WHAT YOU WILL DO » Find the line with "Q: Is the typeface". Repeat it and each line after it, exactly, down to the end of the records below.

SUPPLIED RECORDS »
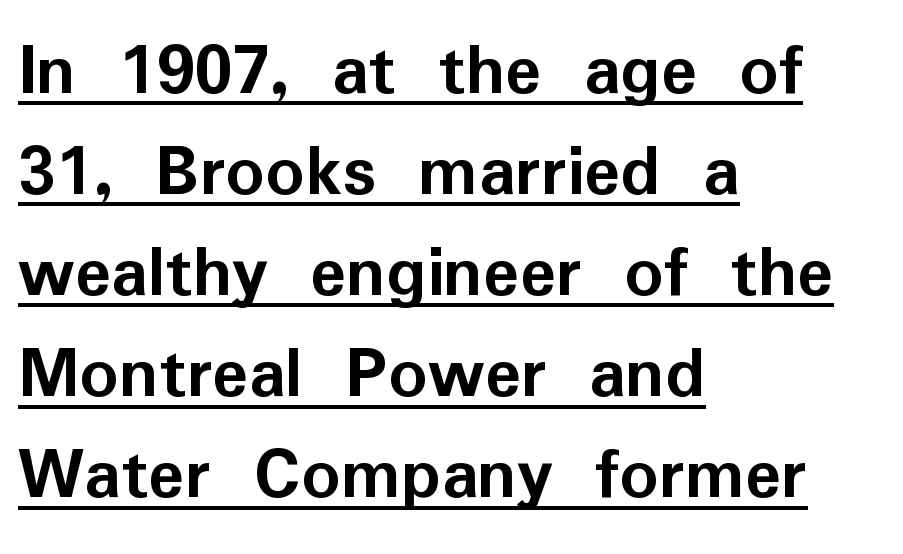
{"serif": "no", "italic": "no", "bold": "yes", "weight": "semibold", "width": "normal", "stroke_contrast": "low", "x_height": "medium", "monospaced": "no", "underline": "yes", "align": "left", "line_spacing": "normal", "line_spacing_ratio": 1.33, "letter_spacing": "normal", "letter_spacing_em": 0.0, "glyph_px": 76}
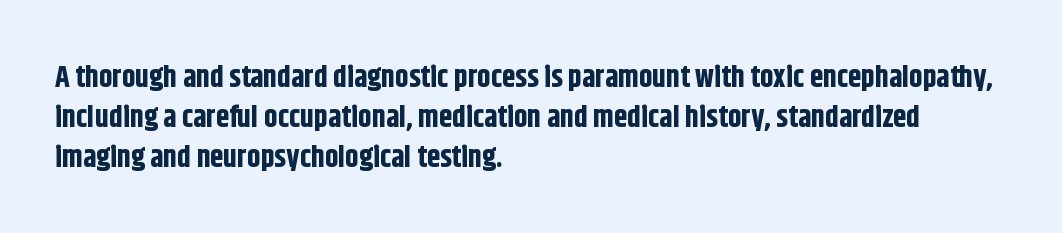
{"serif": "no", "italic": "no", "bold": "yes", "weight": "bold", "width": "condensed", "stroke_contrast": "low", "x_height": "large", "monospaced": "no", "underline": "no", "align": "left", "line_spacing": "normal", "line_spacing_ratio": 1.33, "letter_spacing": "normal", "letter_spacing_em": 0.0, "glyph_px": 30}
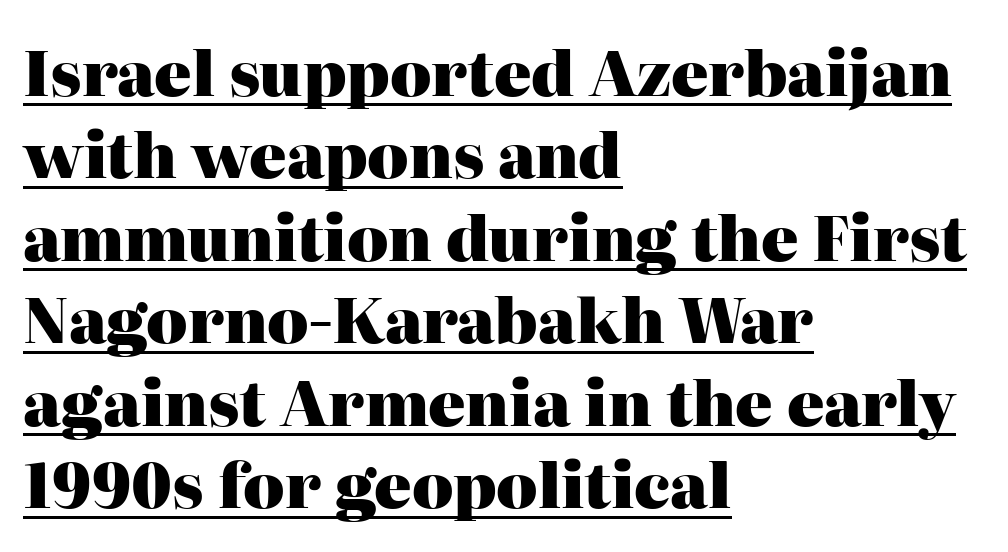
The image shows 62 px heavy serif type, upright; set left-aligned, normal line spacing (1.33x), normal letter spacing, underlined; high stroke contrast and a medium x-height.
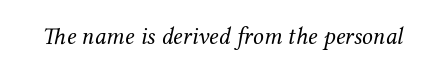
No extra tracking has been applied to these lines. Stems and bowls with no extra thickness — not bold. The whole block is typeset with a tilt. Beneath every word, the page is bare.
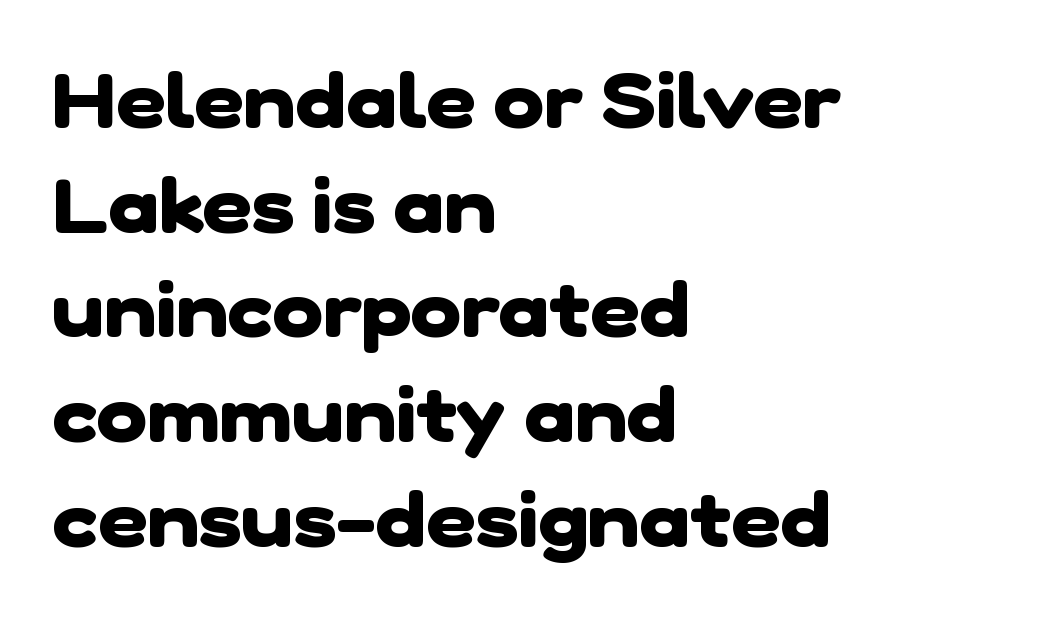
The image shows 77 px heavy sans-serif type; set left-aligned, normal line spacing (1.36x), normal letter spacing, not underlined; low stroke contrast and a medium x-height.
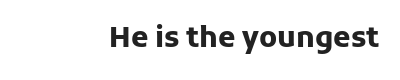
Q: Is the text bold? A: Yes.
Q: Is the text italic (slanted)? A: No, it is upright.
Q: Is the typeface a serif or a sans-serif typeface? A: Sans-serif.
Q: Is the text underlined? A: No.
Q: Is the spacing between letters normal or unusually wide? A: Normal.
Q: Width (condensed, normal, or wide)? A: Normal.
Q: Stroke contrast? A: Low.
Q: x-height? A: Medium.
Q: Monospaced? A: No.

SOLUTION TO THE PROBLEM »
Q: Is the typeface a serif or a sans-serif typeface? A: Sans-serif.
Q: Is the text underlined? A: No.
Q: Is the spacing between letters normal or unusually wide? A: Normal.
Q: Width (condensed, normal, or wide)? A: Normal.
Q: Stroke contrast? A: Low.
Q: x-height? A: Medium.
Q: Monospaced? A: No.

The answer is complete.